The report showed 69 per cent of the population were overweight, with more than 33 per cent suffering from high cholesterol and 23 per cent having high blood pressure. These are alarming statistics.

In April this year, the Andrews Labor Government announced that by 2018, all major food outlets and supermarkets will be required to display kilojoule contents on their menus. A step forward in reducing the state’s increasing obesity.
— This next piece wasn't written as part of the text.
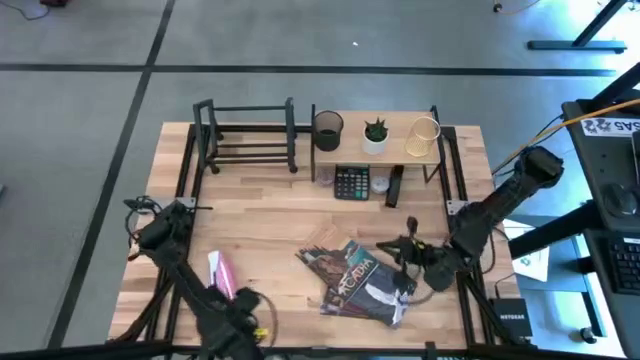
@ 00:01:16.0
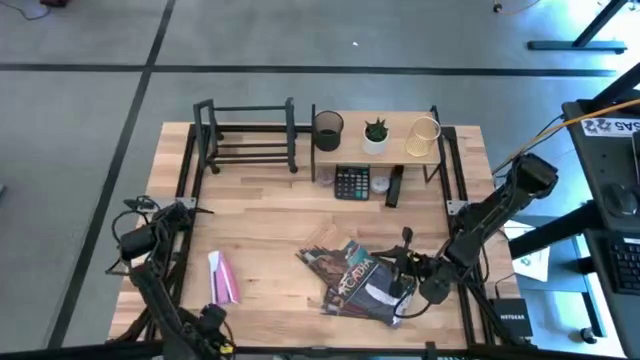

But is this enough?

I am not a nutritionist, nor do I have any of the necessary qualifications to tell you what you can and can’t consume, but why are we advertising a menu that focuses entirely on kilojoules?

There are more than ten meals on the McDonald’s menu that come under 2,500 kilojoules, one being a McChicken burger with a side salad and a diet soft drink (1,790 kj). Sure, if you’re counting and aiming for 8,700 kilojoules a day, this meal comes well within your weight loss plan, but it also increases your chances of type 2 diabetes, high blood pressure, high cholesterol and out-of-control blood sugar.

It is all too easy to become so obsessed with kilojoule control that we often overlook the most important aspect of food – the nutrients.

The state government says displaying appropriate labelling will ensure Victorians make informed healthy choices, but where on the menu does it state the extent of saturated fats, sodium, sugar and empty carbs?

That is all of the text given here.